山岳地域や高原の天気予報サイトとして最もハズレが少ない「てんきとくらす」というサイトによると山頂の天気は良好です。しかし、九合目からは再び雲の中に入ったのか一気に視界が悪くなりました。先の見えない中ひたすらに登り続けるのは苦痛ではありましたが、確実に上に行っているという感覚はあるので、楽しさ・ワクワクの方が勝っていた気がします。本当にただひたすらに登り続けて頂上についたのは、予想よりも遥かに早い4時半ごろだったと思います。ちなみに日の出は5時11分です。

画像4

山頂には既に大量の登山客が風の当たらない建物の影やベンチの脇に縮こまっています。僕たちも建物の影に座り込んでいたのですが、次の瞬間、東の空が微かに明るむと一斉に歓声が沸き上がります。そうなのです、山頂なので通常の日の出の時間よりも何分か早く太陽が顔を出し始めるのです。まだ太陽自体は見えてきませんが、霧の向こうには確実に明るい光源の存在が確認できます。その時の写真がこちらです。

画像5

みんなカメラを太陽の方に向けて撮影しています。

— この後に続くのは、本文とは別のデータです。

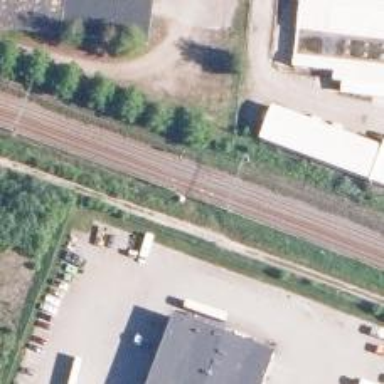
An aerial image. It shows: Railway signal.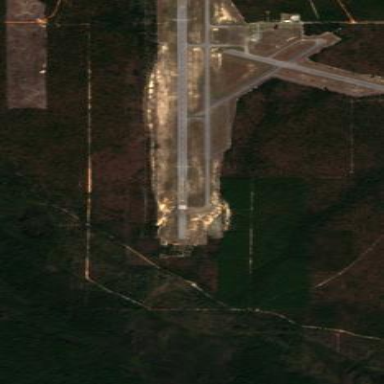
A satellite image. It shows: Military airfield located within aerodrome.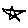
Label: star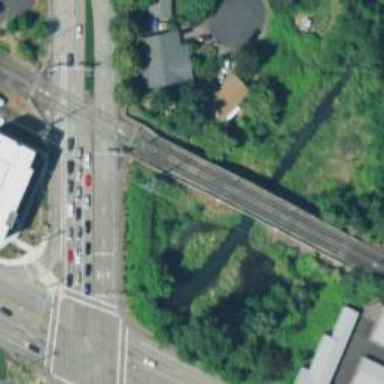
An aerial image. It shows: Light rail railway with electrified contact line running along embankment.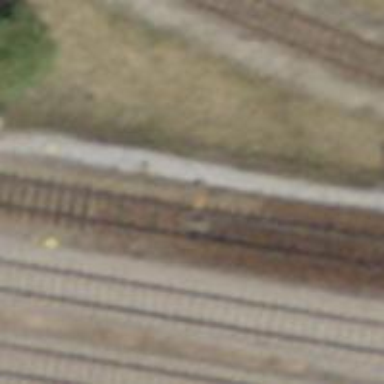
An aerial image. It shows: Railway switch.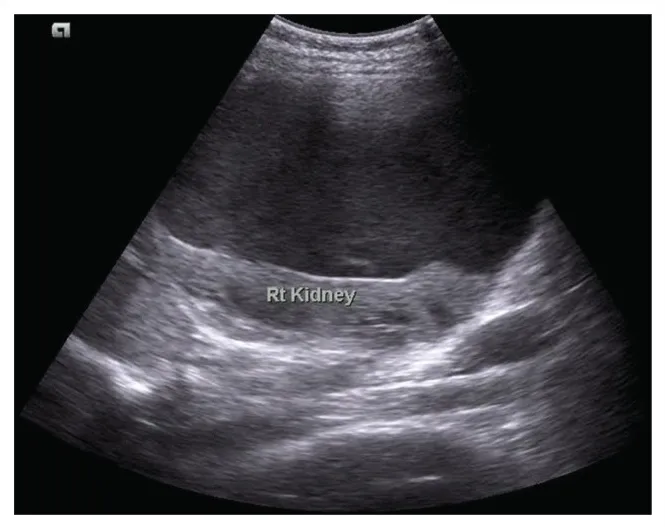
Sagittal ultrasound image of the right kidney depicting a large perirenal hypoechoic fluid collection with hyperechoic internal echoes compatible with complex fluid. Associated medial displacement and compression of the right kidney. Similar findings were seen on the contralateral side (not shown).
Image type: radiology (ultrasound)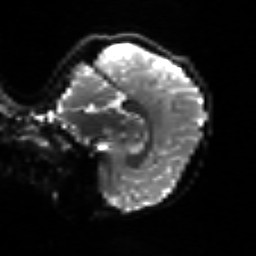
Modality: sbref
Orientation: sagittal
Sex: female
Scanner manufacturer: siemens
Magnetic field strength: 3 T
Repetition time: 5 s
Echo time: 0.071 s
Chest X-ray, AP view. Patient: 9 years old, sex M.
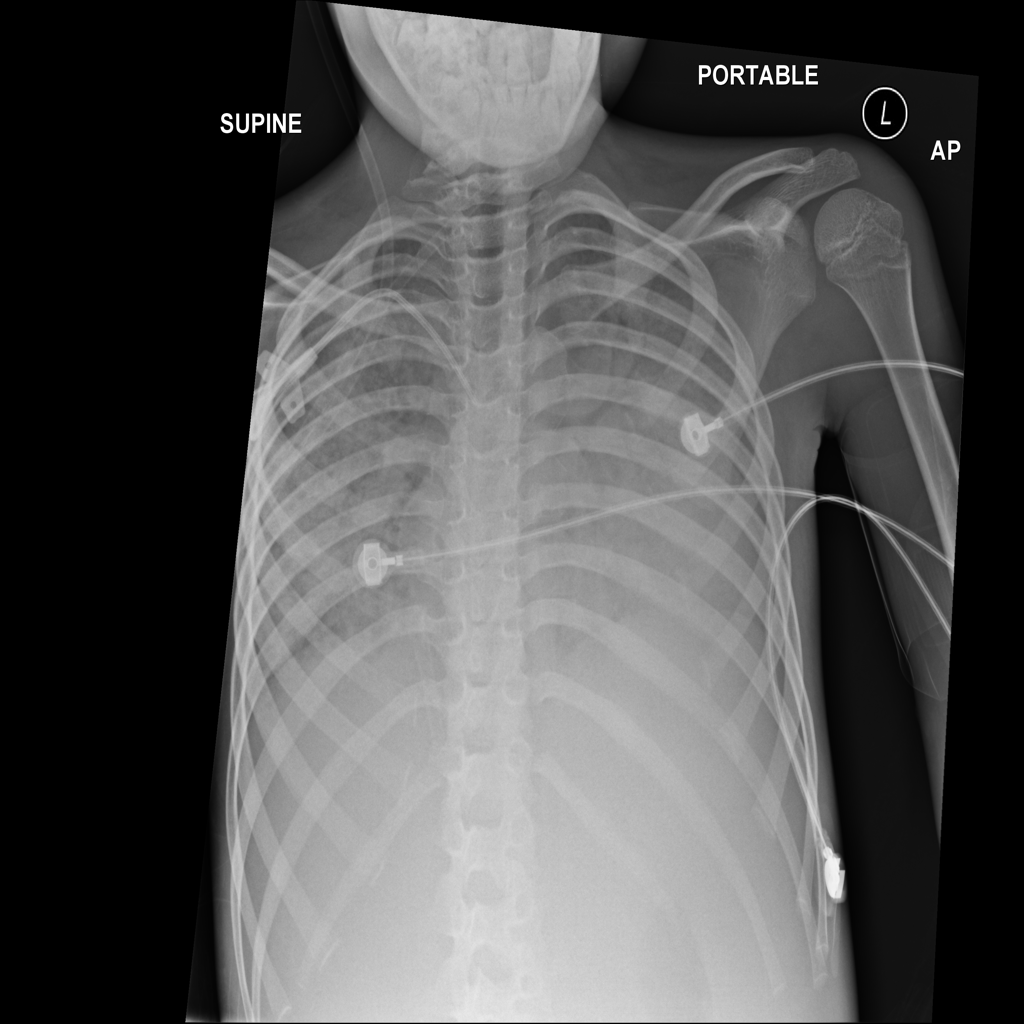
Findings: No Finding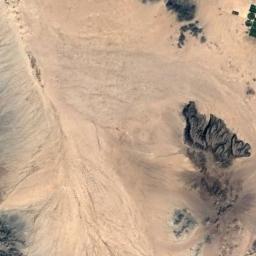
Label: desert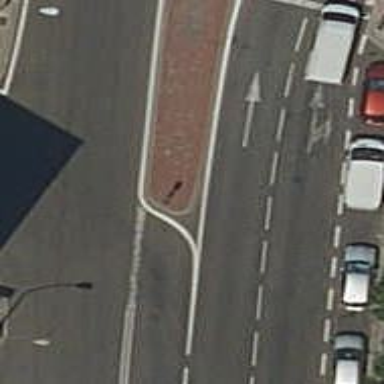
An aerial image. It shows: Road with traffic signals.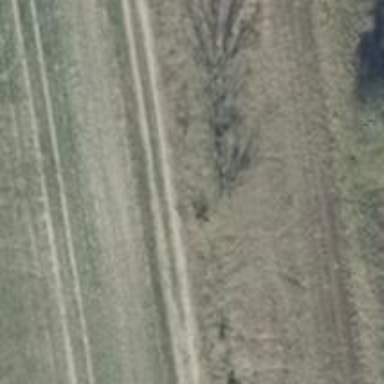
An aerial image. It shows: Row of deciduous broadleaved trees.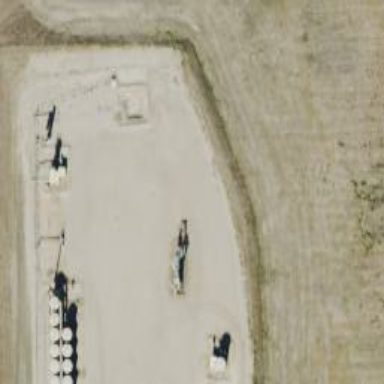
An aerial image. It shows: Storage tank that is man-made.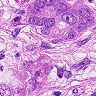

みんなこのために深夜から登山を開始してきたのであります。僕は八合目で見るのと山頂で見るのは大して変わらないだろうと思って、もともと八合目で日の出を見るつもりで来ていたのですが、やはりこれは山頂で見て良かったと思います。時間が経つと太陽がその全貌を現し始めます。物凄い速さで流れては去っていく雲の間からたまに見える太陽に照らされた雲海と真ん丸の太陽は、うっかり成仏しそうになってしまいそうな美しい光景です。

画像6

画像7

画像8

ここからは富士山山頂の火口を一周する「お鉢巡り」をしていきます。中3の頃、「おはちめぐり」と聞いて最初は何のことかわかりませんでしたが、漢字にすると言いたいことは伝わってくるのがわかりますね。このお鉢巡りをすることで、最も標高の高い剣ヶ峰に辿り着くことができます。剣ヶ峰にたどり着く手前に「馬の背」と呼ばれている、登山道で最も勾配のある急な道があります。おそらく傾斜は30°以上あると思います。四つん這いになって、踏ん張っていないと、ずるずると転げ落ちてしまうような傾斜です。僕も何度か滑りそうになりましたが、どうにか踏ん張って地面にしがみつく感じで耐えました。本当に異常な環境にいることだけは間違いないです。この旅を通して、最も過酷だったのは九合目から山頂・剣ヶ峰にかけての登山道でしょう。強風、暗闇、寒さと危険な傾斜などデンジャラスな条件が全て重なり合った状況を潜り抜けた先の3776mは、この旅の最後の観光地にとても相応しいのではないでしょうか。

画像9

残念ながら剣ヶ峰に辿り着いた時にちょうど雲が掛かり、火口が一望できることはできませんでした。しかし、何よりここがこの旅の最後に行きたかったところです。ここを最後に、あとは東京の自宅に向かって帰るだけです。達成感というよりも、まずは「帰れる!」ということにある意味で非日常感を感じてしまうほどに長い旅であったことを実感してしまいました。あとは家に帰るだけなのです。剣ヶ峰でお鉢巡りもちょうど折り返しです。残り半周を歩いて、元来たところまで戻ります。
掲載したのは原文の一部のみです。